Cette réédition française, traduite par Leslie De Bont, rend visible une voix que l’histoire littéraire avait presque entièrement laissée dans l’ombre.
Or quelle voix !
Une voix drôle, insolente, cultivée, capable d’observer le monde avec cette courtoisie légèrement cruelle qui rend la satire plus pénétrante encore.
Dickberry ne tonne pas contre la société : elle lui retire ses costumes et la laisse se ridiculiser toute seule.
Son humour ne vient jamais interrompre la pensée.

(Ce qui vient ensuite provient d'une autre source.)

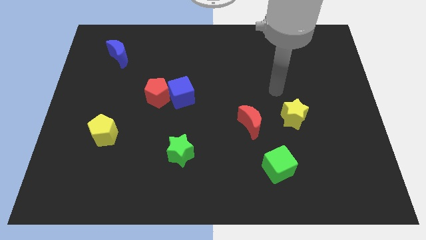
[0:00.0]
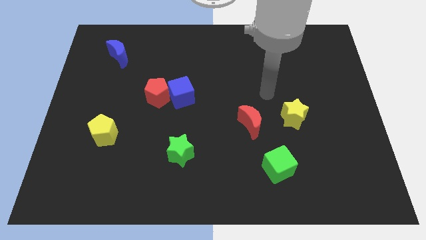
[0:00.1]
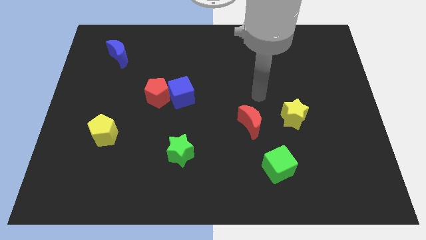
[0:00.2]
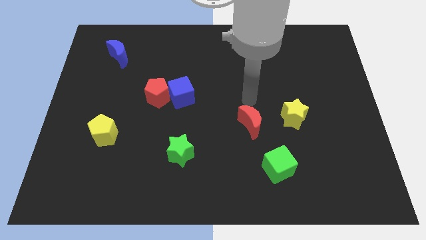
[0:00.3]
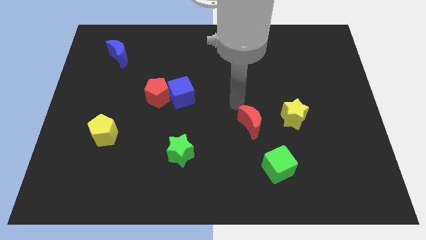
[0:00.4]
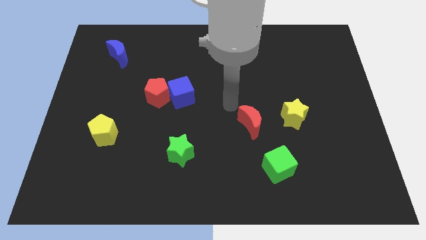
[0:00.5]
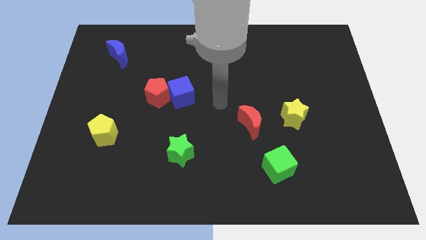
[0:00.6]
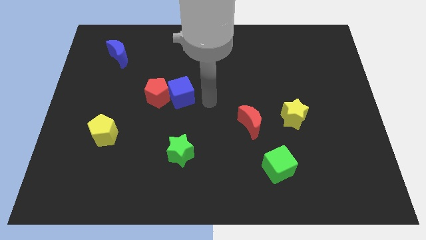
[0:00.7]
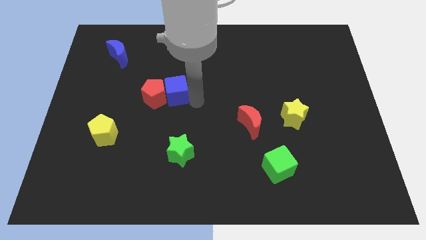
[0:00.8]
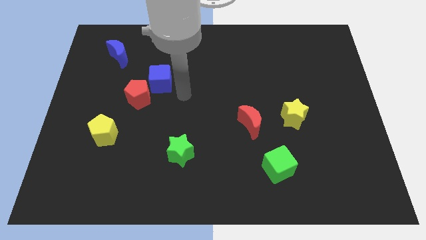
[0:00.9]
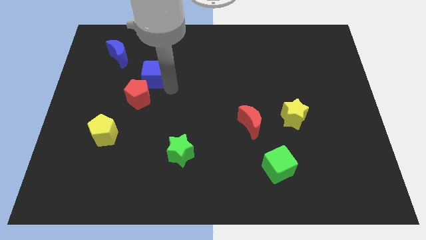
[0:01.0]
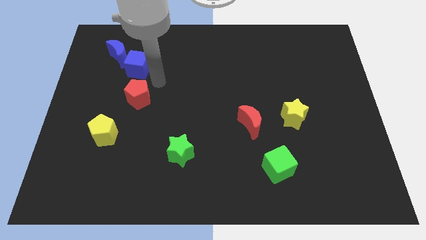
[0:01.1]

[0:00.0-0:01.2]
move the red pentagon away from the blue cube

Il en est la forme la plus mobile et la plus contagieuse.
On rit, puis l’on découvre que ce rire vient d’atteindre quelque chose de beaucoup plus profond que les convenances.

Ce que j’ai trouvé particulièrement brillant, c’est la manière dont le roman transforme un incident grotesque en expérience politique.

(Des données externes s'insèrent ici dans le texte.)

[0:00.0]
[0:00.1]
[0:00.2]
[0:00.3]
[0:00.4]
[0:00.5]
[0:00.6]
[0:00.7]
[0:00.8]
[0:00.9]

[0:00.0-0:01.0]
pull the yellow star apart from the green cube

La disparition des vêtements entraîne bientôt une réforme de la police, la remise en cause des classes sociales et le déboulonnage des statues.
Les femmes commencent surtout à occuper une place nouvelle dans la vie intellectuelle et politique.
La nudité devient ainsi moins une provocation érotique qu’une méthode de connaissance.
Dépouillés de leurs uniformes, les personnages sont rendus à la fragilité commune des corps.
Toute hiérarchie apparaît alors pour ce qu’elle est : une mise en scène longtemps répétée, jusqu’à passer pour une vérité naturelle.
Le roman demande malicieusement ce qu’il resterait du pouvoir si l’on cessait d’en reconnaître les insignes.
Que devient un duc lorsqu’aucun vêtement ne vient plus annoncer qu’il est un duc ?
Que vaut une autorité qui dépend d’un chapeau, d’une robe ou d’un galon ?
Et combien de nos certitudes contemporaines reposent encore sur de semblables accessoires ?

La formidable modernité du livre se trouve là.
Dickberry anticipe nos réflexions sur le genre, la représentation, les privilèges et la fabrication sociale des identités.
Elle comprend que le pouvoir réside autant dans les images que dans les institutions.
Elle comprend aussi qu’une société injuste possède une étonnante capacité à présenter ses coutumes comme des nécessités.
Mais son utopie n’est jamais figée dans la solennité d’un programme.
Elle demeure instable, cocasse, parfois contradictoire, continuellement traversée par le plaisir du récit.
C’est ce qui la rend si vivante.
Au lieu de nous expliquer longuement le monde nouveau, le roman nous invite à regarder l’ancien monde trébucher.
Le désastre se change alors en possibilité.
Ce qui semblait d’abord une malédiction pourrait bien être un miracle.

J’ai refermé ce livre avec l’impression d’avoir lu un texte aussi léger dans son mouvement que sérieux dans ses implications.
Sa fantaisie n’esquive jamais le réel : elle le poursuit jusque dans ses fondations.
Son ironie n’est pas une élégance distante, mais une façon de désobéir.
Elle défait les apparences afin de rendre imaginable une autre distribution des places et des voix.
Plus d’un siècle après sa première publication, La Tempête de Londres continue ainsi de poser une question magnifique.
Sommes-nous capables d’exister sans le costume que la société a choisi pour nous ?
Derrière son burlesque, le roman nous place devant une inquiétude très contemporaine : celle d’un monde où nous confondons constamment l’être et son apparence.
Il nous rappelle que les hiérarchies les plus solides peuvent parfois ne tenir qu’à un morceau de tissu.
Et que la littérature possède précisément ce pouvoir : faire souffler une tempête assez forte pour arracher les vieux décors.
Une merveille d’intelligence, de drôlerie et d’audace, dont la redécouverte paraît aujourd’hui presque miraculeusement opportune.